AIM OF THE EXERCISE
Apart from the images, reproduce every record word for word.

(RECORD SET)

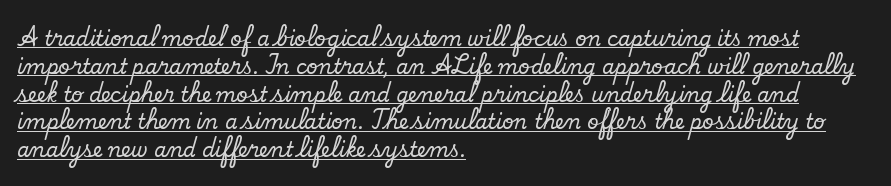
The type is set solid horizontally, with unmodified tracking. Descenders here cross a horizontal rule under the line. These lines stack with their left ends in a neat column. Evenly set lines give the paragraph a standard silhouette.
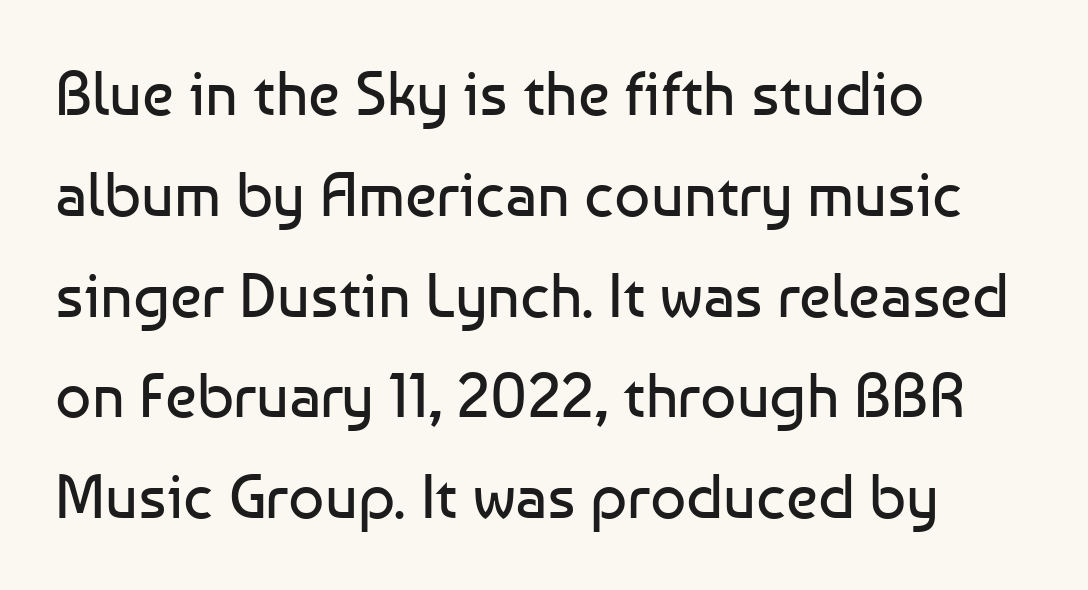
The image shows 63 px regular-weight sans-serif type, upright; set left-aligned, normal line spacing (1.6x), normal letter spacing, not underlined; low stroke contrast and a medium x-height.
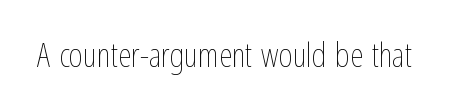
Heft: none added — not bold. The letters stand straight up with perfectly vertical stems. Note the varied advance widths — an 'i' is clearly narrower than an 'm'. Bare-footed words on every line. Tracking here is standard; glyphs follow each other at the usual distance.
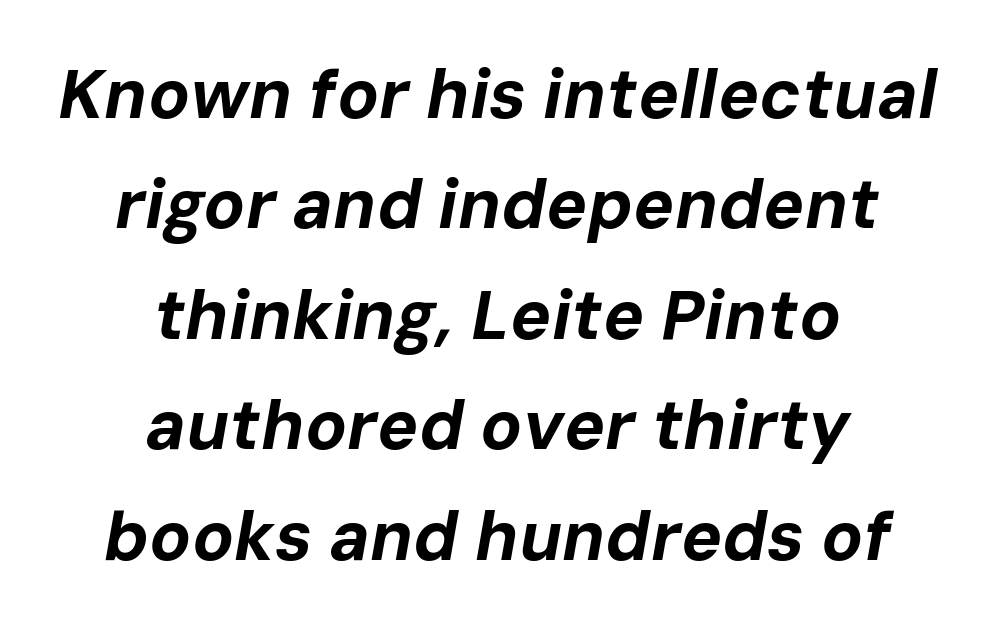
{"italic": "yes", "lean": "right", "slant_degrees": 10, "bold": "yes", "weight": "bold", "width": "normal", "stroke_contrast": "low", "x_height": "medium", "monospaced": "no", "underline": "no", "align": "center", "line_spacing": "normal", "line_spacing_ratio": 1.6, "letter_spacing": "normal", "letter_spacing_em": 0.0, "glyph_px": 69}
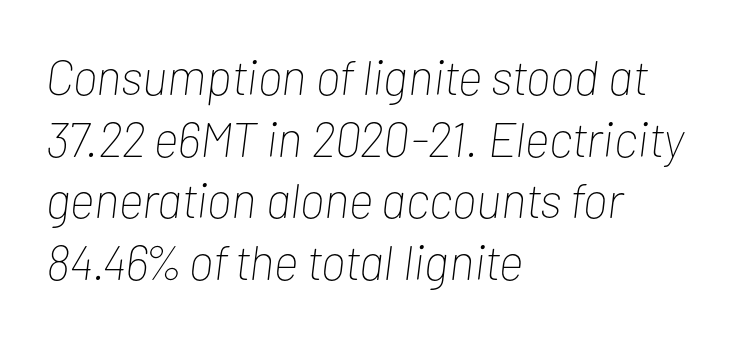
The image shows 49 px thin, condensed type, italic (leaning right); set left-aligned, normal line spacing (1.26x), normal letter spacing, not underlined; low stroke contrast and a medium x-height.
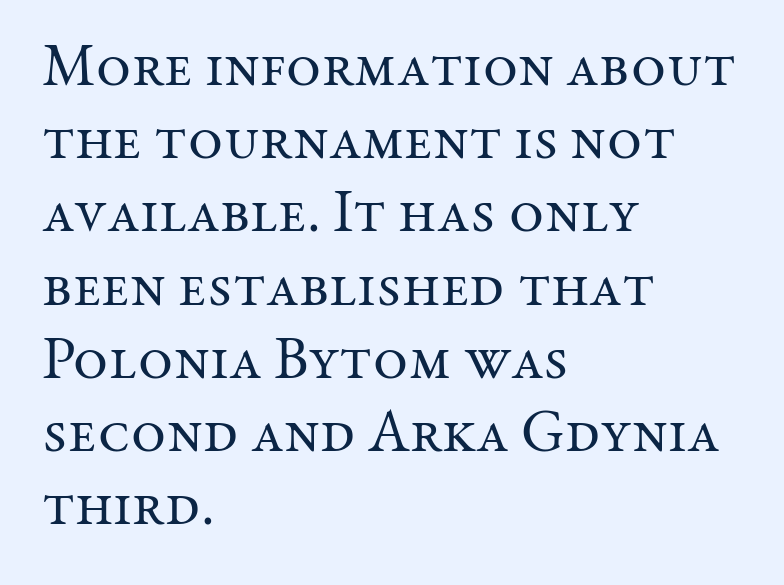
Q: Is the text bold? A: No.
Q: Is the text italic (slanted)? A: No, it is upright.
Q: Is the typeface a serif or a sans-serif typeface? A: Serif.
Q: Is the text underlined? A: No.
Q: How is the paragraph aligned? A: Left-aligned.
Q: Is the spacing between letters normal or unusually wide? A: Normal.
Q: Width (condensed, normal, or wide)? A: Normal.
Q: Stroke contrast? A: Medium.
Q: x-height? A: Medium.
Q: Monospaced? A: No.
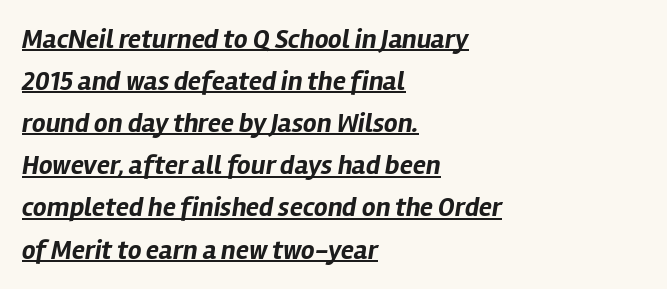
Q: Is the text bold? A: Yes.
Q: Is the text italic (slanted)? A: Yes, it leans right by about 12 degrees.
Q: Is the text underlined? A: Yes.
Q: How is the paragraph aligned? A: Left-aligned.
Q: Is the spacing between letters normal or unusually wide? A: Normal.
Q: Is the spacing between lines tight, normal or loose? A: Normal.
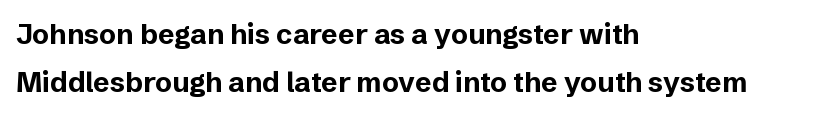
The passage is arranged the way most books set body copy — flush left. Is there any slant? The stems are plumb. The passage shown is not underscored anywhere. Look at the bottom of the vertical strokes: they stop flat, with no serifs. Glyph-to-glyph distance matches everyday printed text.
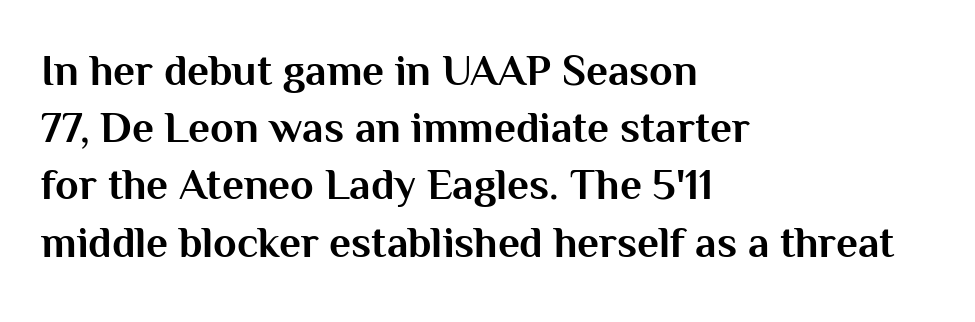
The image shows 43 px bold sans-serif type, upright; set left-aligned, normal line spacing (1.33x), normal letter spacing, not underlined; medium stroke contrast and a medium x-height.
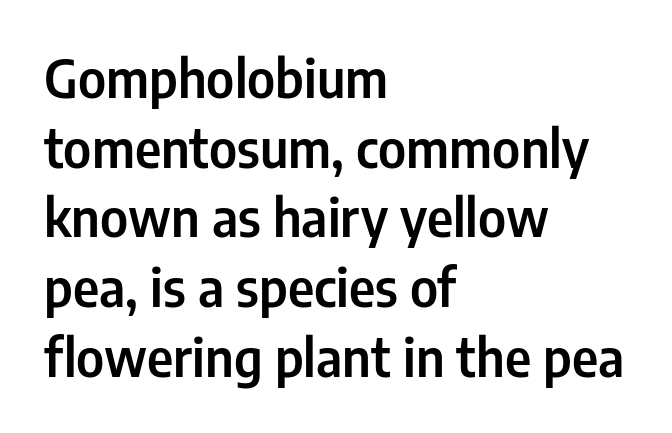
The image shows 52 px condensed sans-serif type, upright; set left-aligned, normal line spacing (1.34x), normal letter spacing, not underlined; low stroke contrast and a medium x-height.
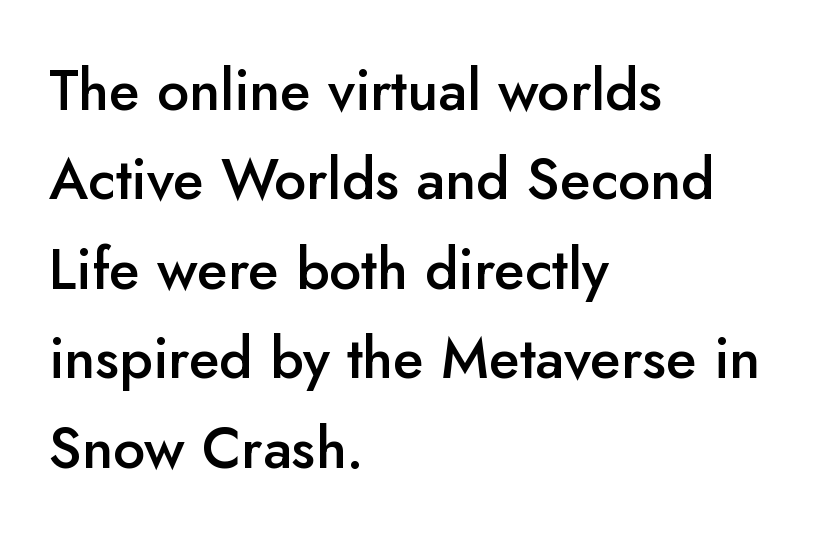
The rendering uses natural spacing where letterforms have individual widths. Is this a sans? Yes — the strokes have no serifs. Students, this is semibold: more ink than regular, less than bold. Clear beneath every line of the passage. Compared with a centered layout, this one pins lines to the left instead.
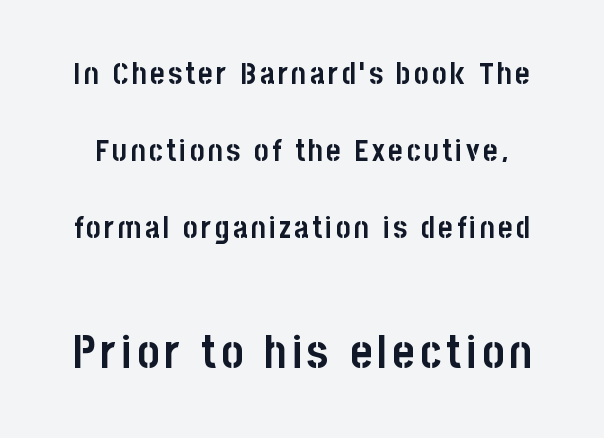
Q: Is the text bold? A: Yes.
Q: Is the text italic (slanted)? A: No, it is upright.
Q: Is the typeface a serif or a sans-serif typeface? A: Sans-serif.
Q: Is the text underlined? A: No.
Q: Is the spacing between lines tight, normal or loose? A: Loose.
Q: Which block of text is set in a larger size, the first (top) or the second (bottom)? A: The second (bottom) one.
Q: Width (condensed, normal, or wide)? A: Condensed.
Q: Stroke contrast? A: Low.
Q: x-height? A: Large.
Q: Monospaced? A: No.
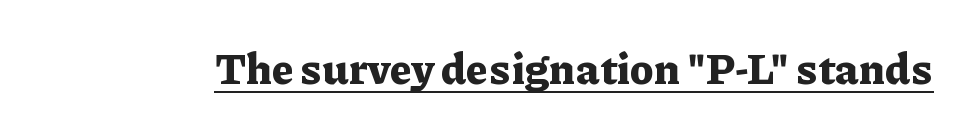
Q: Is the text bold? A: Yes.
Q: Is the text italic (slanted)? A: No, it is upright.
Q: Is the typeface a serif or a sans-serif typeface? A: Serif.
Q: Is the text underlined? A: Yes.
Q: Is the spacing between letters normal or unusually wide? A: Normal.
Q: Width (condensed, normal, or wide)? A: Normal.
Q: Stroke contrast? A: Low.
Q: x-height? A: Medium.
Q: Monospaced? A: No.
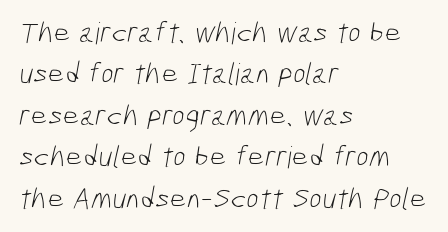
Q: Is the text bold? A: No.
Q: Is the typeface a serif or a sans-serif typeface? A: Sans-serif.
Q: Is the text underlined? A: No.
Q: How is the paragraph aligned? A: Left-aligned.
Q: Is the spacing between letters normal or unusually wide? A: Normal.
Q: Is the spacing between lines tight, normal or loose? A: Normal.
Q: Width (condensed, normal, or wide)? A: Condensed.
Q: Stroke contrast? A: Low.
Q: x-height? A: Medium.
Q: Monospaced? A: No.

(End RECORD SET)

YOUR RESPONSE
The type is set solid horizontally, with unmodified tracking. Descenders here cross a horizontal rule under the line. These lines stack with their left ends in a neat column. Evenly set lines give the paragraph a standard silhouette.
The image shows 63 px regular-weight sans-serif type, upright; set left-aligned, normal line spacing (1.6x), normal letter spacing, not underlined; low stroke contrast and a medium x-height.
Heft: none added — not bold. The letters stand straight up with perfectly vertical stems. Note the varied advance widths — an 'i' is clearly narrower than an 'm'. Bare-footed words on every line. Tracking here is standard; glyphs follow each other at the usual distance.
{"italic": "yes", "lean": "right", "slant_degrees": 10, "bold": "yes", "weight": "bold", "width": "normal", "stroke_contrast": "low", "x_height": "medium", "monospaced": "no", "underline": "no", "align": "center", "line_spacing": "normal", "line_spacing_ratio": 1.6, "letter_spacing": "normal", "letter_spacing_em": 0.0, "glyph_px": 69}
The image shows 49 px thin, condensed type, italic (leaning right); set left-aligned, normal line spacing (1.26x), normal letter spacing, not underlined; low stroke contrast and a medium x-height.
Q: Is the text bold? A: No.
Q: Is the text italic (slanted)? A: No, it is upright.
Q: Is the typeface a serif or a sans-serif typeface? A: Serif.
Q: Is the text underlined? A: No.
Q: How is the paragraph aligned? A: Left-aligned.
Q: Is the spacing between letters normal or unusually wide? A: Normal.
Q: Width (condensed, normal, or wide)? A: Normal.
Q: Stroke contrast? A: Medium.
Q: x-height? A: Medium.
Q: Monospaced? A: No.
Q: Is the text bold? A: Yes.
Q: Is the text italic (slanted)? A: Yes, it leans right by about 12 degrees.
Q: Is the text underlined? A: Yes.
Q: How is the paragraph aligned? A: Left-aligned.
Q: Is the spacing between letters normal or unusually wide? A: Normal.
Q: Is the spacing between lines tight, normal or loose? A: Normal.
The passage is arranged the way most books set body copy — flush left. Is there any slant? The stems are plumb. The passage shown is not underscored anywhere. Look at the bottom of the vertical strokes: they stop flat, with no serifs. Glyph-to-glyph distance matches everyday printed text.
The image shows 43 px bold sans-serif type, upright; set left-aligned, normal line spacing (1.33x), normal letter spacing, not underlined; medium stroke contrast and a medium x-height.
The image shows 52 px condensed sans-serif type, upright; set left-aligned, normal line spacing (1.34x), normal letter spacing, not underlined; low stroke contrast and a medium x-height.
The rendering uses natural spacing where letterforms have individual widths. Is this a sans? Yes — the strokes have no serifs. Students, this is semibold: more ink than regular, less than bold. Clear beneath every line of the passage. Compared with a centered layout, this one pins lines to the left instead.
Q: Is the text bold? A: Yes.
Q: Is the text italic (slanted)? A: No, it is upright.
Q: Is the typeface a serif or a sans-serif typeface? A: Sans-serif.
Q: Is the text underlined? A: No.
Q: Is the spacing between lines tight, normal or loose? A: Loose.
Q: Which block of text is set in a larger size, the first (top) or the second (bottom)? A: The second (bottom) one.
Q: Width (condensed, normal, or wide)? A: Condensed.
Q: Stroke contrast? A: Low.
Q: x-height? A: Large.
Q: Monospaced? A: No.
Q: Is the text bold? A: Yes.
Q: Is the text italic (slanted)? A: No, it is upright.
Q: Is the typeface a serif or a sans-serif typeface? A: Serif.
Q: Is the text underlined? A: Yes.
Q: Is the spacing between letters normal or unusually wide? A: Normal.
Q: Width (condensed, normal, or wide)? A: Normal.
Q: Stroke contrast? A: Low.
Q: x-height? A: Medium.
Q: Monospaced? A: No.
Q: Is the text bold? A: No.
Q: Is the typeface a serif or a sans-serif typeface? A: Sans-serif.
Q: Is the text underlined? A: No.
Q: How is the paragraph aligned? A: Left-aligned.
Q: Is the spacing between letters normal or unusually wide? A: Normal.
Q: Is the spacing between lines tight, normal or loose? A: Normal.
Q: Width (condensed, normal, or wide)? A: Condensed.
Q: Stroke contrast? A: Low.
Q: x-height? A: Medium.
Q: Monospaced? A: No.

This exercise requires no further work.